Si los discípulos hubieran querido inventar un mito convincente para la época, no habrían incluido detalles que los dejaran mal parados:
Las primeras testigos de la resurrección fueron mujeres, cuyo testimonio no tenía validez legal en la corte judía del siglo I. Si fuera un mito inventado, habrían puesto a Pedro o a Juan como los primeros testigos para ganar credibilidad.
El hecho de que el Mesías muriera en una cruz —un símbolo de maldición para los judíos y de locura para los romanos— es algo que nadie habría inventado para fundar una religión, a menos que realmente hubiera sucedido.
El testimonio de quienes no eran cristianos
La historia de Jesús no depende solo de la Biblia. Historiadores seculares de la antigüedad, que no tenían ningún interés en promover el cristianismo, confirmaron los datos esenciales:
Flavio Josefo (historiador judío) menciona la ejecución de Jesús y el impacto de sus seguidores.
Tácito (historiador romano) confirma que "Cristo" sufrió la pena máxima bajo Poncio Pilato durante el reinado de Tiberio.
Plinio el Joven documenta cómo los primeros cristianos lo adoraban como a un Dios apenas unas décadas después de su muerte.
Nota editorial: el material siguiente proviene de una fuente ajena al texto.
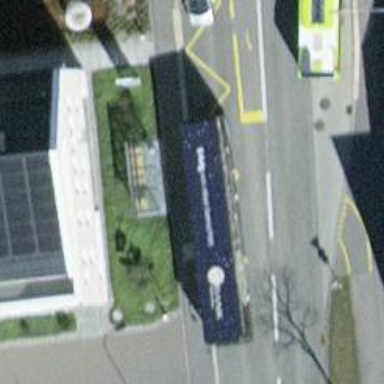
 serving as platform for public transportation."
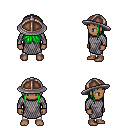
a pixel art fantasy rpg character, male body template, human, dark skin, chain mail, white pants, green unkempt hairstyle, chain helm, four views (front, back, left, right), 2x2 character sprite sheet, small pixel art, hard edges, no anti-aliasing
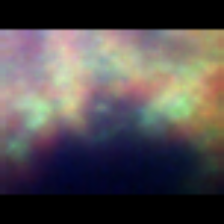
Taxon: Unknown_full_image
Group: Unknown
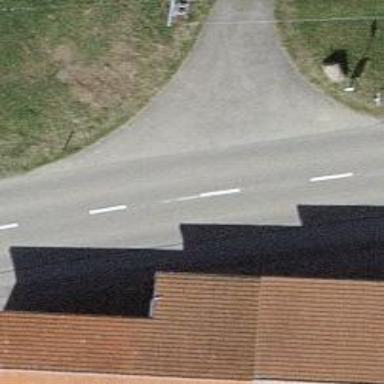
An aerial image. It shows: Bus stop along the road.
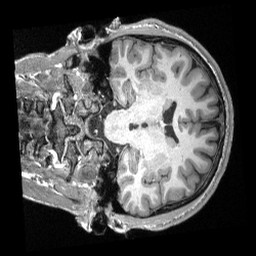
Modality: T1w
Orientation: coronal
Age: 19
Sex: male
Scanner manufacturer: siemens
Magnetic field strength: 3 T
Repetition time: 2.3 s
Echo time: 0.00308 s
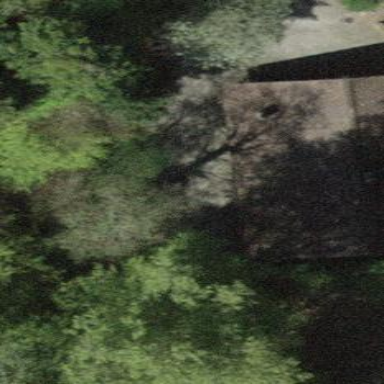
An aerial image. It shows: Cabin.

La historia frente al mito
Al evaluar la evidencia, queda claro que la teoría que intenta reducir a Jesús a una simple copia de deidades paganas no sobrevive a un examen histórico riguroso. Mientras que los mitos de Osiris, Tammuz o Mithras pertenecen al ámbito del simbolismo poético y los ciclos naturales, el relato del Nuevo Testamento se inserta de manera deliberada y comprobable en la historia humana.
En última instancia, el cristianismo no invita a una fe ciega ni mucho menos en mitos, sino a una respuesta razonada ante eventos ocurridos en momentos específicos y evidentes y podemos comcluir que en el siglo I, ocurrió algo tan extraordinario que ninguna categoría mitológica previa puede explicarlo. El Domingo de Resurrección, por tanto, no celebra el renacer de la primavera, sino la victoria documentada de Jesús, el Cristo sobre la muerte.